Inexplicáveis acessos de tristeza. Por mais que cavasse nas profundezas de si, nesses momentos não conseguia encontrar razões para a tristeza, a intensa tristeza que o acossava. Andava assim, dias a eito, imerso nas densas águas da melancolia. Parecia cansar-se das coisas belas da vida, que até era de uma generosidade invejável. Nem percebia como o mergulho nas turvas águas da mágoa era um ultraje à bondade que o tinha agraciado.
Mas persistia, com paciência diligente, marcada na agenda a aleatoriedade da tristeza. Emergia como uma densa cortina de nevoeiro a toldar o brilho resplandecente dos dias soalheiros, primaveris mesmo, que eram a sua existência. Cedia perante a letargia que vinha em compasso com o sentimento de pesar. Escondia-se, para não deixar que a íntima mágoa fosse partilhada pelos que lhe eram próximos. Era um sentimento estranho. Como se despojasse da alegria a que a vida o convidada, cansado da alegria que, a certa altura, lhe soava estulta. A necessidade de pisar o pântano da pungência.
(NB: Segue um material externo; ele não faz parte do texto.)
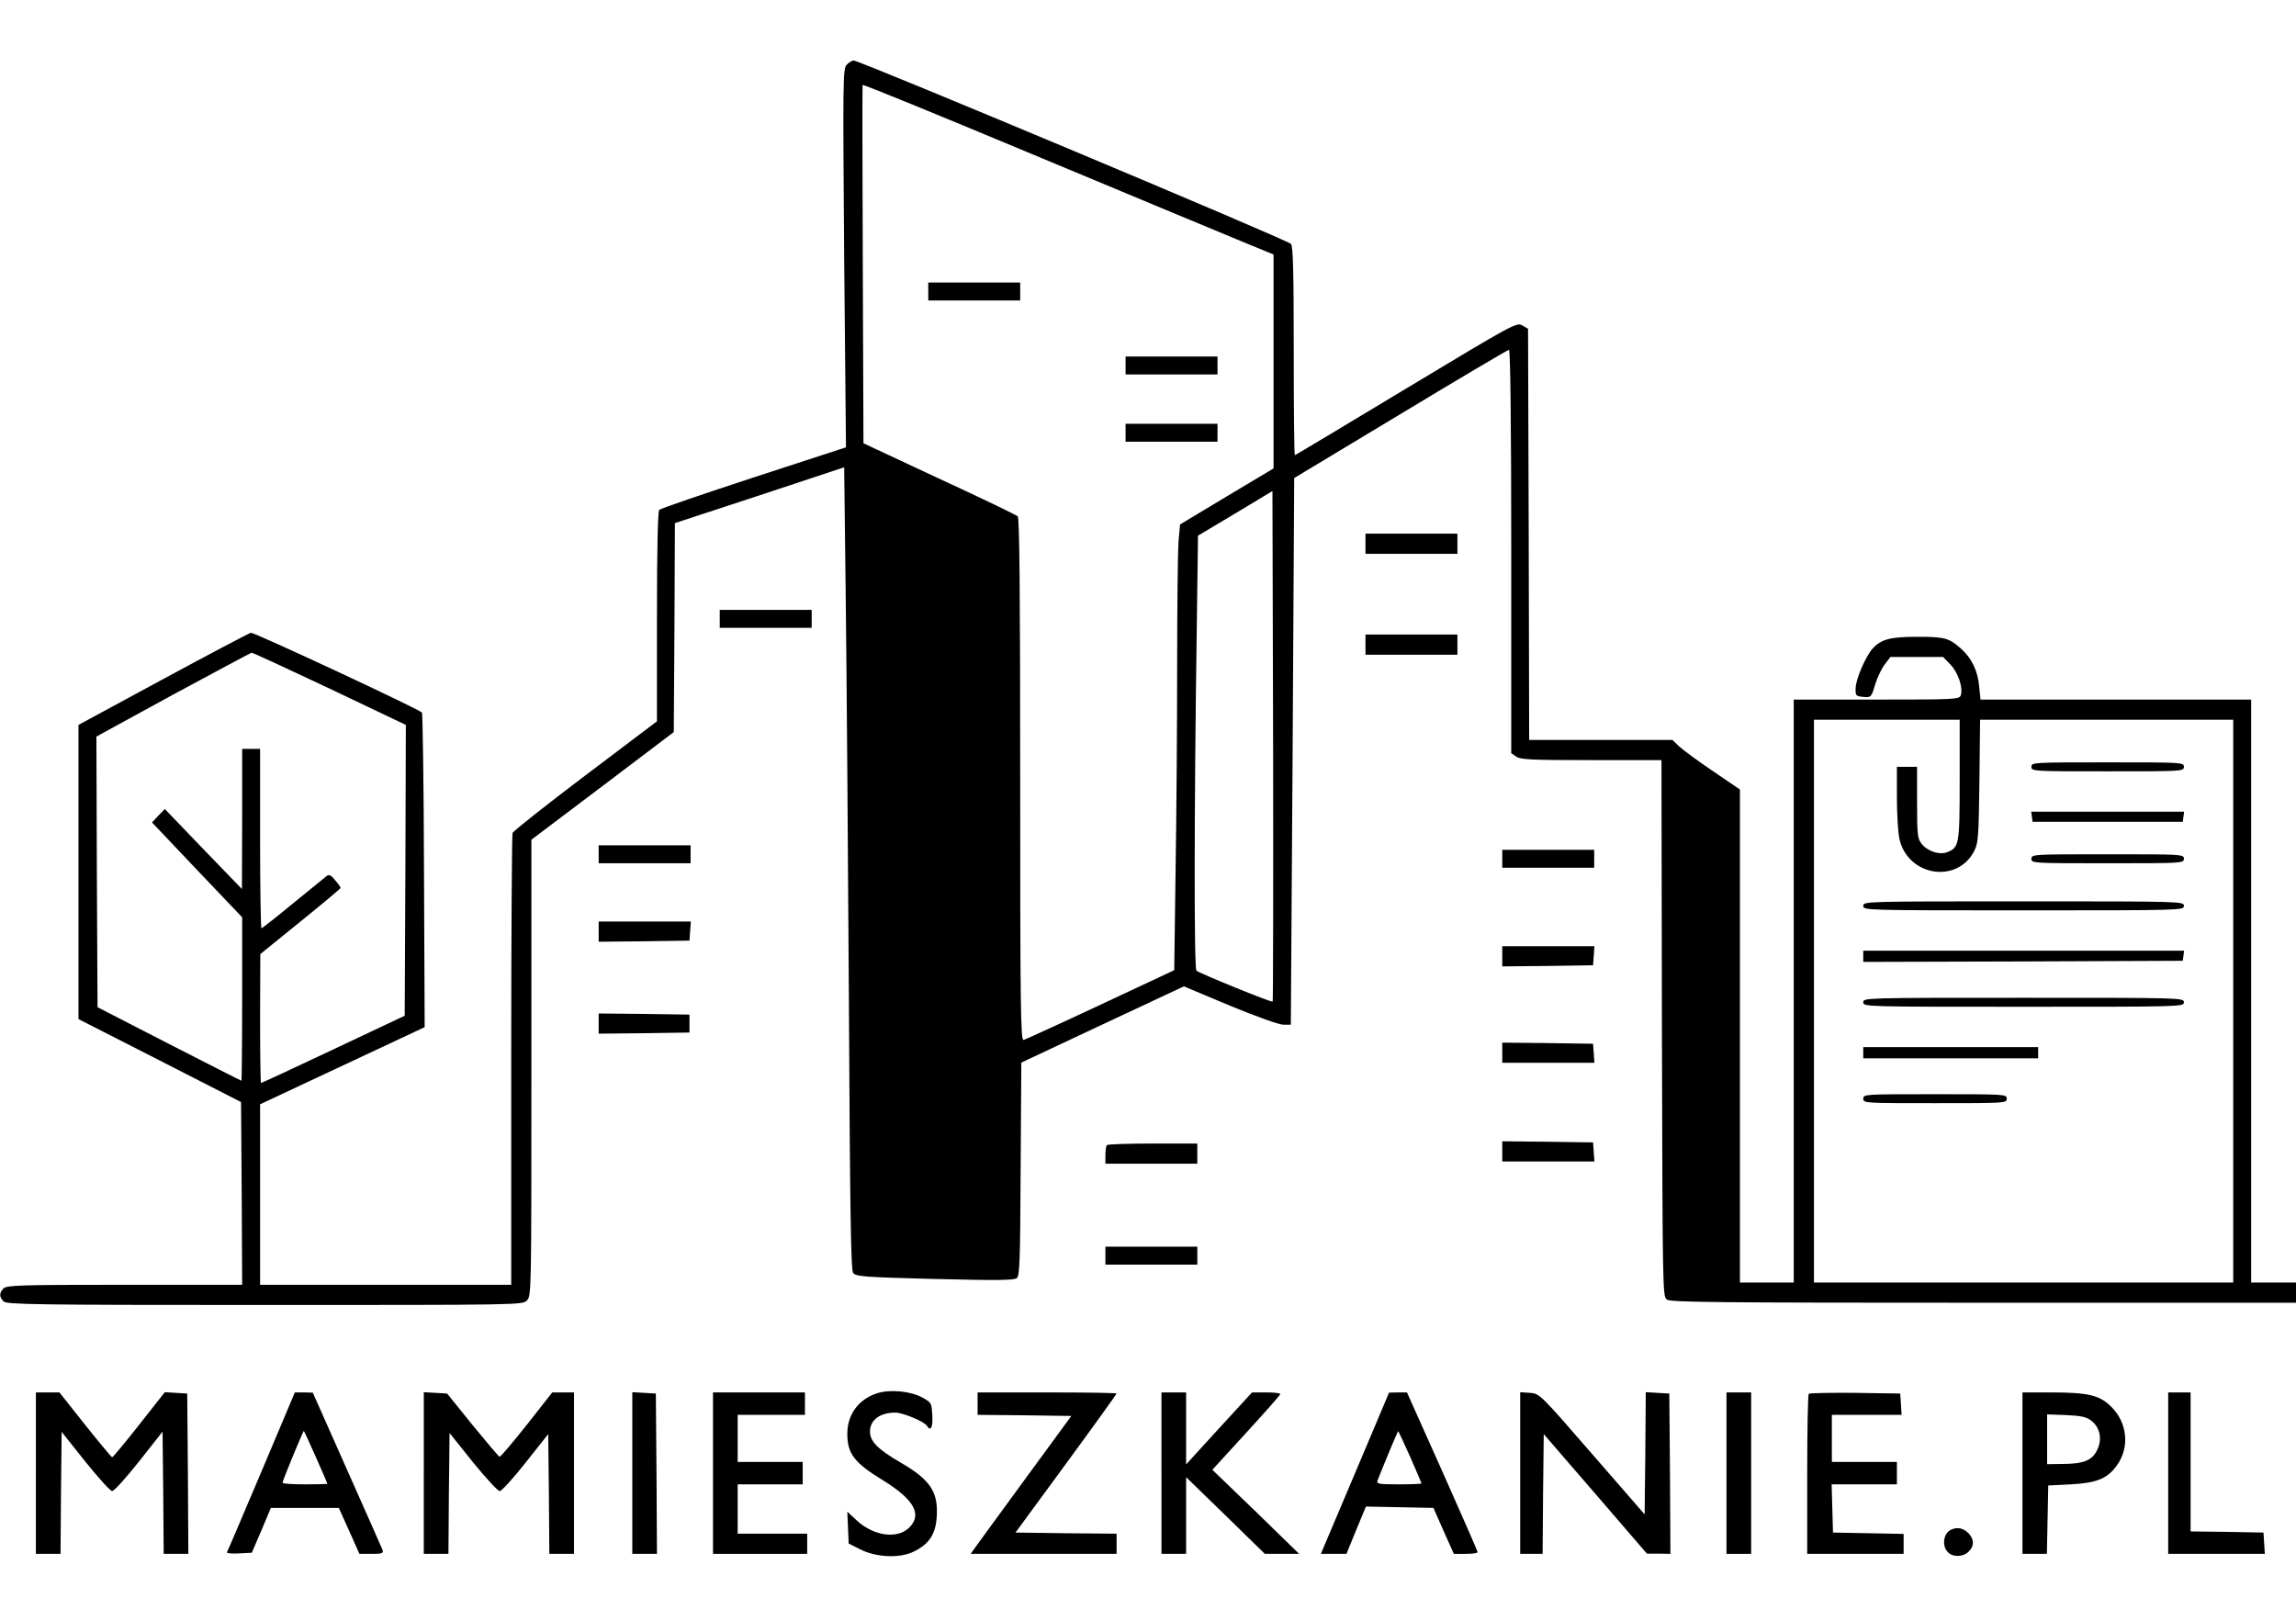 <?xml version="1.0" standalone="no"?>
<!DOCTYPE svg PUBLIC "-//W3C//DTD SVG 20010904//EN"
 "http://www.w3.org/TR/2001/REC-SVG-20010904/DTD/svg10.dtd">
<svg version="1.0" xmlns="http://www.w3.org/2000/svg"
 width="1024pt" height="723pt" viewBox="0 0 1024 723"
 preserveAspectRatio="xMidYMid meet">

<g transform="translate(0,723) scale(0.1,-0.1)"
fill="#000000" stroke="none">
<path d="M3776 6941 c-17 -18 -17 -69 -11 -863 l8 -843 -411 -134 c-226 -74
-416 -139 -422 -145 -6 -6 -10 -170 -10 -477 l0 -466 -319 -241 c-175 -132
-321 -248 -325 -257 -3 -9 -6 -466 -6 -1016 l0 -999 -560 0 -560 0 0 403 0
402 367 172 367 172 -3 698 c-1 384 -6 701 -9 705 -16 17 -748 358 -763 356
-8 -2 -185 -95 -392 -207 l-377 -204 0 -656 0 -656 363 -185 362 -185 3 -407
2 -408 -524 0 c-464 0 -526 -2 -540 -16 -20 -20 -20 -38 0 -58 14 -14 133 -16
1165 -16 1136 0 1149 0 1169 20 20 20 20 33 20 1038 l0 1017 318 240 317 240
3 466 2 466 378 124 377 125 7 -591 c4 -324 10 -1129 14 -1787 5 -957 9 -1201
19 -1215 12 -16 46 -19 364 -27 278 -7 354 -6 366 4 13 11 15 77 17 486 l3
475 362 170 363 170 205 -86 c119 -49 219 -85 239 -85 l33 0 8 1219 7 1219
475 286 c260 157 478 286 483 286 6 0 10 -333 10 -899 l0 -900 22 -15 c19 -14
68 -16 335 -16 l313 0 2 -1196 c3 -1170 3 -1196 22 -1210 17 -12 226 -14 1413
-14 l1393 0 0 45 0 45 -100 0 -100 0 0 1300 0 1300 -604 0 -603 0 -6 58 c-6
71 -34 128 -83 171 -52 46 -72 51 -195 51 -118 0 -158 -11 -196 -51 -32 -35
-76 -137 -77 -178 -1 -34 1 -36 34 -39 35 -3 36 -2 53 55 10 32 29 72 43 90
l25 33 118 0 117 0 33 -34 c34 -35 57 -103 46 -137 -6 -18 -23 -19 -376 -19
l-369 0 0 -1300 0 -1300 -120 0 -120 0 0 1100 0 1099 -122 83 c-67 45 -134 95
-150 110 l-29 28 -319 0 -320 0 -2 917 -3 917 -26 15 c-25 14 -38 7 -518 -282
-270 -163 -494 -297 -496 -297 -3 0 -5 208 -5 463 0 355 -3 467 -12 479 -13
17 -1924 818 -1950 818 -8 0 -23 -9 -32 -19z m1741 -779 l163 -67 0 -477 0
-477 -209 -125 -208 -125 -7 -77 c-3 -42 -6 -291 -6 -553 0 -262 -3 -674 -7
-917 l-6 -441 -329 -154 c-181 -85 -335 -155 -343 -157 -13 -3 -15 145 -15
1160 0 837 -3 1167 -11 1175 -6 6 -163 82 -350 168 l-338 158 -3 796 c-2 438
-2 799 -1 802 2 4 341 -135 755 -308 414 -173 826 -344 915 -381z m159 -3399
c-5 -5 -326 126 -340 138 -11 9 -10 740 1 1487 l6 453 166 99 166 100 3 -1137
c1 -625 0 -1138 -2 -1140z m-4206 1396 l340 -162 -2 -649 -3 -648 -318 -150
c-175 -83 -320 -150 -323 -150 -2 0 -4 129 -4 288 l1 287 179 145 c99 80 179
147 179 150 0 3 -10 18 -24 34 -17 22 -27 27 -37 20 -7 -6 -75 -61 -150 -122
-75 -62 -139 -112 -142 -112 -3 0 -6 180 -6 400 l0 400 -40 0 -40 0 0 -312 -1
-313 -172 178 -172 179 -29 -30 -28 -30 201 -212 201 -211 0 -364 c0 -201 -2
-365 -3 -365 -2 0 -147 74 -323 164 l-319 164 -3 603 -2 604 342 187 c189 102
346 186 350 187 4 1 161 -72 348 -160z m7270 -407 c0 -291 -2 -302 -57 -323
-34 -13 -87 5 -113 38 -18 23 -20 40 -20 184 l0 159 -45 0 -45 0 0 -135 c0
-73 5 -157 11 -185 36 -168 260 -204 335 -53 17 34 19 67 22 311 l3 272 565 0
564 0 0 -1255 0 -1255 -935 0 -935 0 0 1255 0 1255 325 0 325 0 0 -268z"/>
<path d="M4140 5930 l0 -40 205 0 205 0 0 40 0 40 -205 0 -205 0 0 -40z"/>
<path d="M5020 5600 l0 -40 205 0 205 0 0 40 0 40 -205 0 -205 0 0 -40z"/>
<path d="M5020 5300 l0 -40 205 0 205 0 0 40 0 40 -205 0 -205 0 0 -40z"/>
<path d="M9060 3810 c0 -20 7 -20 340 -20 333 0 340 0 340 20 0 20 -7 20 -340
20 -333 0 -340 0 -340 -20z"/>
<path d="M9062 3588 l3 -23 335 0 335 0 3 23 3 22 -341 0 -341 0 3 -22z"/>
<path d="M9060 3400 c0 -20 7 -20 340 -20 333 0 340 0 340 20 0 20 -7 20 -340
20 -333 0 -340 0 -340 -20z"/>
<path d="M8310 3190 c0 -20 7 -20 715 -20 708 0 715 0 715 20 0 20 -7 20 -715
20 -708 0 -715 0 -715 -20z"/>
<path d="M8310 2965 l0 -25 713 2 712 3 3 23 3 22 -715 0 -716 0 0 -25z"/>
<path d="M8310 2760 c0 -20 7 -20 715 -20 708 0 715 0 715 20 0 20 -7 20 -715
20 -708 0 -715 0 -715 -20z"/>
<path d="M8310 2535 l0 -25 390 0 390 0 0 25 0 25 -390 0 -390 0 0 -25z"/>
<path d="M8310 2330 c0 -20 7 -20 320 -20 313 0 320 0 320 20 0 20 -7 20 -320
20 -313 0 -320 0 -320 -20z"/>
<path d="M6090 4805 l0 -45 205 0 205 0 0 45 0 45 -205 0 -205 0 0 -45z"/>
<path d="M3210 4470 l0 -40 205 0 205 0 0 40 0 40 -205 0 -205 0 0 -40z"/>
<path d="M6090 4355 l0 -45 205 0 205 0 0 45 0 45 -205 0 -205 0 0 -45z"/>
<path d="M2670 3420 l0 -40 205 0 205 0 0 40 0 40 -205 0 -205 0 0 -40z"/>
<path d="M6700 3400 l0 -40 205 0 205 0 0 40 0 40 -205 0 -205 0 0 -40z"/>
<path d="M2670 3075 l0 -45 203 2 202 3 3 43 3 42 -205 0 -206 0 0 -45z"/>
<path d="M6700 2965 l0 -45 203 2 202 3 3 43 3 42 -205 0 -206 0 0 -45z"/>
<path d="M2670 2665 l0 -45 203 2 202 3 0 40 0 40 -202 3 -203 2 0 -45z"/>
<path d="M6700 2535 l0 -45 206 0 205 0 -3 43 -3 42 -202 3 -203 2 0 -45z"/>
<path d="M6700 2095 l0 -45 206 0 205 0 -3 43 -3 42 -202 3 -203 2 0 -45z"/>
<path d="M4937 2123 c-4 -3 -7 -24 -7 -45 l0 -38 205 0 205 0 0 45 0 45 -198
0 c-109 0 -202 -3 -205 -7z"/>
<path d="M4930 1630 l0 -40 205 0 205 0 0 40 0 40 -205 0 -205 0 0 -40z"/>
<path d="M3911 1016 c-83 -27 -132 -95 -132 -181 0 -88 31 -129 159 -207 139
-86 176 -152 117 -211 -53 -52 -158 -38 -234 32 l-42 39 3 -71 3 -71 50 -25
c71 -37 177 -42 240 -11 70 34 99 79 103 160 6 107 -30 161 -161 237 -102 59
-137 95 -137 138 0 52 44 85 113 85 34 0 130 -40 141 -59 17 -27 27 -7 24 46
-3 56 -4 58 -44 80 -53 29 -144 38 -203 19z"/>
<path d="M160 660 l0 -360 55 0 55 0 2 272 3 272 105 -132 c58 -72 112 -132
120 -132 9 0 63 60 120 132 l105 133 3 -273 2 -272 55 0 55 0 -2 358 -3 357
-50 3 -50 3 -115 -146 c-63 -80 -117 -145 -120 -144 -3 0 -57 65 -120 144
l-115 145 -52 0 -53 0 0 -360z"/>
<path d="M1166 667 c-82 -193 -151 -356 -154 -360 -2 -4 22 -7 54 -5 l57 3 43
100 42 100 152 0 151 0 46 -102 46 -103 54 0 c48 0 54 2 49 18 -4 9 -75 171
-159 359 l-152 342 -40 1 -40 0 -149 -353z m243 64 c28 -63 51 -116 51 -118 0
-2 -45 -3 -100 -3 -55 0 -100 3 -100 7 0 10 93 234 95 231 2 -2 26 -54 54
-117z"/>
<path d="M1890 661 l0 -361 55 0 55 0 2 269 3 270 104 -130 c58 -71 111 -129
120 -129 9 1 61 58 116 128 l100 126 3 -267 2 -267 55 0 55 0 0 360 0 360 -48
0 -49 0 -114 -145 c-63 -79 -117 -143 -121 -142 -4 1 -58 65 -121 142 l-113
140 -52 3 -52 3 0 -360z"/>
<path d="M2820 661 l0 -361 55 0 55 0 -2 358 -3 357 -52 3 -53 3 0 -360z"/>
<path d="M3180 660 l0 -360 210 0 210 0 0 45 0 45 -155 0 -155 0 0 110 0 110
145 0 145 0 0 50 0 50 -145 0 -145 0 0 105 0 105 150 0 150 0 0 50 0 50 -205
0 -205 0 0 -360z"/>
<path d="M4360 970 l0 -50 209 -2 209 -3 -205 -280 c-112 -154 -214 -292 -224
-307 l-20 -28 325 0 326 0 0 45 0 45 -225 2 -226 3 226 308 c124 169 225 310
225 312 0 3 -139 5 -310 5 l-310 0 0 -50z"/>
<path d="M5180 660 l0 -360 55 0 55 0 0 171 0 171 176 -171 175 -171 76 0 77
0 -193 188 -194 187 151 165 c83 91 152 168 152 173 0 4 -28 7 -63 7 l-63 0
-147 -160 -147 -161 0 161 0 160 -55 0 -55 0 0 -360z"/>
<path d="M6076 737 c-66 -155 -134 -317 -152 -359 l-33 -78 57 0 57 0 43 105
44 106 150 -3 151 -3 45 -102 46 -103 53 0 c29 0 53 3 53 8 0 4 -71 166 -157
359 l-158 353 -40 0 -40 -1 -119 -282z m214 -6 c27 -62 50 -115 50 -117 0 -2
-45 -4 -101 -4 -92 0 -101 2 -95 18 28 71 90 221 92 219 2 -2 26 -54 54 -116z"/>
<path d="M6780 661 l0 -361 50 0 50 0 2 267 3 267 230 -266 230 -267 53 0 52
-1 -2 358 -3 357 -52 3 -53 3 -2 -273 -3 -272 -234 269 c-234 270 -235 270
-278 273 l-43 3 0 -360z"/>
<path d="M7700 660 l0 -360 55 0 55 0 0 360 0 360 -55 0 -55 0 0 -360z"/>
<path d="M8067 1014 c-4 -4 -7 -166 -7 -361 l0 -353 215 0 215 0 0 45 0 44
-157 3 -158 3 -3 108 -3 107 146 0 145 0 0 50 0 50 -145 0 -145 0 0 105 0 105
156 0 155 0 -3 48 -3 47 -201 3 c-110 1 -203 -1 -207 -4z"/>
<path d="M9020 660 l0 -360 55 0 54 0 3 153 3 152 100 5 c117 6 165 26 207 86
57 80 46 189 -26 260 -52 52 -102 64 -271 64 l-125 0 0 -360z m307 234 c39
-30 50 -83 26 -131 -22 -46 -60 -62 -155 -62 l-68 -1 0 111 0 111 84 -3 c67
-3 91 -8 113 -25z"/>
<path d="M9670 660 l0 -360 216 0 215 0 -3 47 -3 48 -162 3 -163 2 0 310 0
310 -50 0 -50 0 0 -360z"/>
<path d="M8700 407 c-32 -16 -40 -70 -14 -98 22 -25 69 -24 94 1 25 25 25 51
3 78 -24 27 -53 34 -83 19z"/>
</g>
</svg>

Só ao fim de demorados dias de uma perturbante tristeza que se acomodava já doentia é que começava a discernir o seu sabor. Sabia que a vida só tem sentido se os contrastes forem saboreados. Os olhos tinham que experimentar o que trouxesse agradáveis sensações e a dor da tristeza. O corpo tinha que sentir a euforia dos instantes de deleite e entregar-se à dor pungente das imagens que o dilaceravam por dentro. A coreografia só se encontra completa quando os passos pisam o suave, alcatifado terreno e depois experimentam as pedregosas vielas que sangram os pés.
Aquela inexplicável tristeza era patologia. Uma patologia paradoxalmente terapêutica. Como se fosse um medicamento necessário para temperar a euforia, quando a euforia vinha de rompante e deixava em si as sementes da perigosa sobranceria. Calmante tristeza, para domar acessos de doentio narcisismo que irrompiam, a espaços. Porque não queria deixar o casulo do anonimato. Porque o cortejo de elogios o causticava. Era estranho como se incomodava com as palavras encomiásticas dos outros. Temendo descair para o ensimesmamento típico dos narcísicos, refugiava-se na intensa melancolia. Rejeitava ser aquilo que nos outros os levava ao elogio. Senão, até os dias solarengos haveriam de perder a sua beleza.
Através da medicinal melancolia, domava os ímpetos que convocavam a soltar-se de dentro de si. Num esforço doloroso para se conter nos limites que aprendera serem as suas fronteiras. Havia, naquela tristeza, um pungente apelo para mergulhar nas profundezas do ser. Como se a tristeza fosse o castelo inacessível, o castelo de que era curador único das chaves que franqueavam o acesso. Da fortaleza onde depurava as nuvens plúmbeas que se acastelavam no seu horizonte, oferecendo o céu cinzento onde a sua tristeza adejava. Nesses dias, não percebia se procurava a tristeza ou se era a melancolia que se insinuava, espontânea. Quando dava conta do inevitável contraforte da tristeza, era tarde para interrogações, era tarde para resistir ao apelo da tristeza.
Quando os dias da inexplicável tristeza se extinguiam, era a mesma perplexidade que o acossava: da mesma forma inexplicável, a tristeza desvanecia. Era como se mudassem os ventos e outra carta meteorológica anunciasse a tristeza enfim deixada lá atrás. E percebia: que é pela tristeza que o seu contrário é mais sumarento. É na tristeza que os dias de sagração da vida se tornam intensos. Que faz sentido apreciar a beleza das coisas. Uma provação indispensável para descer às profundidades do ser e encontrar os vestígios, uns gramas que sejam, que povoam a vida na sua intensidade bela.
Era uma sadia melancolia. Recorrente tristeza que anunciava os fragmentos do seu contrário sempre que perdia o norte ao sentido da beleza da existência.